## Excerpted data

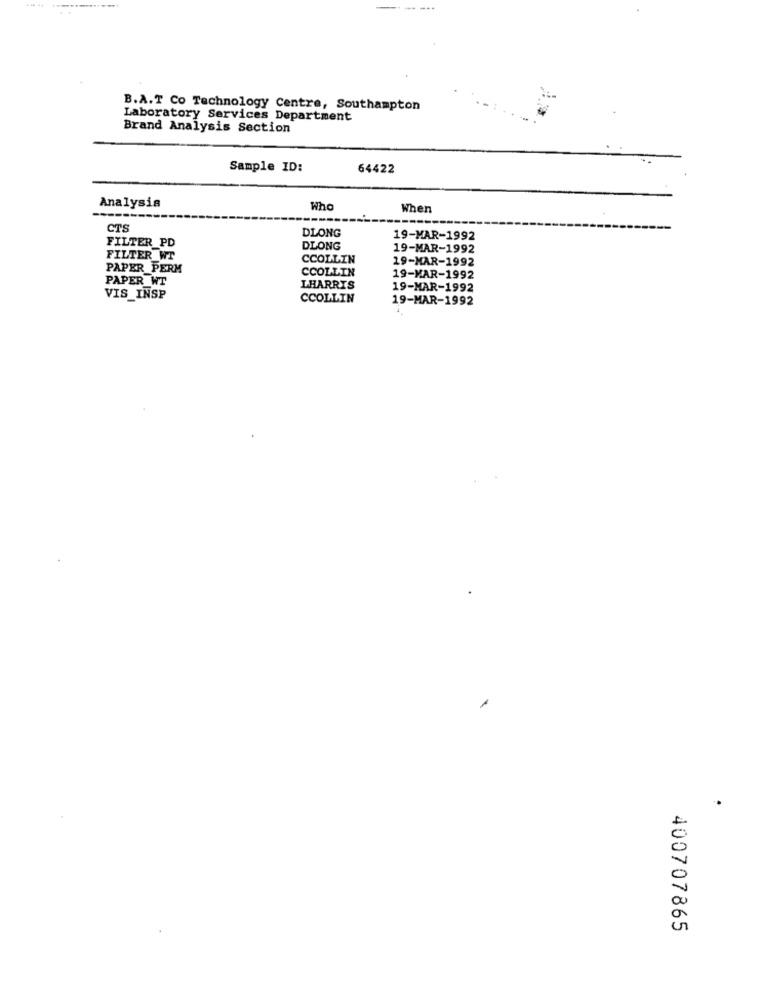
B.A.T Co Technology Centre, Southampton
Laboratory Services Department
Brand Analysis Section
Sample ID:
64422
Analysis
Who
When
------
CTS
DLONG
FILTER_PD
19-MAR-1992
DLONG
19-MAR-1992
FILTER WT
CCOLLIN
19-MAR-1992
PAPER PERM
CCOLLIN
PAPER_WT
19-MAR-1992
LHARRIS
19-MAR-1992
VIS_INSP
CCOLLIN
19-MAR-1992
400707865
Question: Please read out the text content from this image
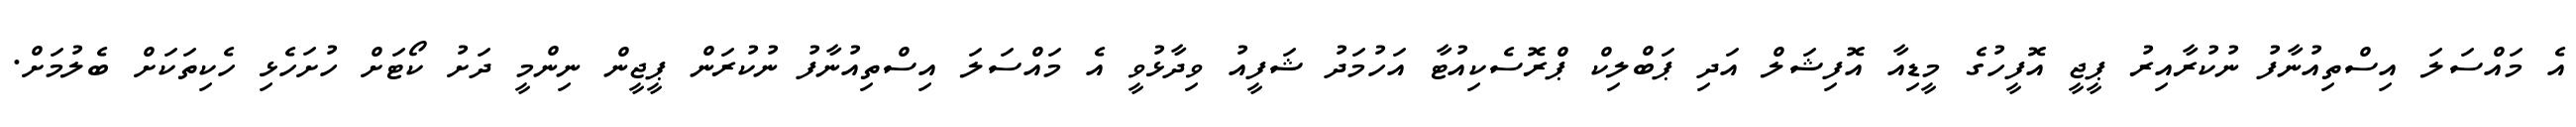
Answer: އެ މައްސަލަ އިސްތިއުނާފު ނުކުރާއިރު ޕީޖީ އޮފީހުގެ މީޑިއާ އޮފިޝަލް އަދި ޕަބްލިކް ޕްރޮސެކިއުޓާ އަހުމަދު ޝަފީއު ވިދާޅުވީ އެ މައްސަލަ އިސްތިއުނާފު ނުކުރަން ޕީޖީން ނިންމީ ދަށު ކޯޓަށް ހުށަހެޅި ހެކިތަކަށް ބެލުމަށް.
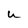
Character: u
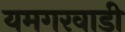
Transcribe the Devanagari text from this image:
यमगरवाडी
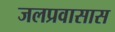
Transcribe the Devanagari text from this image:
जलप्रवासास
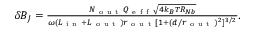
\begin{array} { r } { \delta B _ { J } = \frac { N _ { \mathrm { ~ o ~ u ~ t ~ } } Q _ { \mathrm { ~ e ~ f ~ f ~ } } \sqrt { 4 k _ { B } T R _ { N b } } } { \omega ( L _ { \mathrm { ~ i ~ n ~ } } + L _ { \mathrm { ~ o ~ u ~ t ~ } } ) r _ { \mathrm { ~ o ~ u ~ t ~ } } [ 1 + ( d / r _ { \mathrm { ~ o ~ u ~ t ~ } } ) ^ { 2 } ] ^ { 3 / 2 } } . } \end{array}
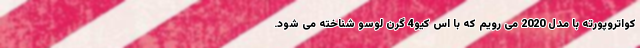
کواتروپورته با مدل 2020 می رویم که با اس کیو4 گرن لوسو شناخته می شود.

## Work required
Print the listing word for word but skip its pictures.

## Your solution
B.A.T Co Technology Centre, Southampton
Laboratory Services Department
Brand Analysis Section
Sample ID:
64422
Analysis
Who
When
------
CTS
DLONG
FILTER_PD
19-MAR-1992
DLONG
19-MAR-1992
FILTER WT
CCOLLIN
19-MAR-1992
PAPER PERM
CCOLLIN
PAPER_WT
19-MAR-1992
LHARRIS
19-MAR-1992
VIS_INSP
CCOLLIN
19-MAR-1992
400707865
Question: Please read out the text content from this image
Answer: އެ މައްސަލަ އިސްތިއުނާފު ނުކުރާއިރު ޕީޖީ އޮފީހުގެ މީޑިއާ އޮފިޝަލް އަދި ޕަބްލިކް ޕްރޮސެކިއުޓާ އަހުމަދު ޝަފީއު ވިދާޅުވީ އެ މައްސަލަ އިސްތިއުނާފު ނުކުރަން ޕީޖީން ނިންމީ ދަށު ކޯޓަށް ހުށަހެޅި ހެކިތަކަށް ބެލުމަށް.
Character: u
Transcribe the Devanagari text from this image:
यमगरवाडी
Transcribe the Devanagari text from this image:
जलप्रवासास
\begin{array} { r } { \delta B _ { J } = \frac { N _ { \mathrm { ~ o ~ u ~ t ~ } } Q _ { \mathrm { ~ e ~ f ~ f ~ } } \sqrt { 4 k _ { B } T R _ { N b } } } { \omega ( L _ { \mathrm { ~ i ~ n ~ } } + L _ { \mathrm { ~ o ~ u ~ t ~ } } ) r _ { \mathrm { ~ o ~ u ~ t ~ } } [ 1 + ( d / r _ { \mathrm { ~ o ~ u ~ t ~ } } ) ^ { 2 } ] ^ { 3 / 2 } } . } \end{array}
کواتروپورته با مدل 2020 می رویم که با اس کیو4 گرن لوسو شناخته می شود.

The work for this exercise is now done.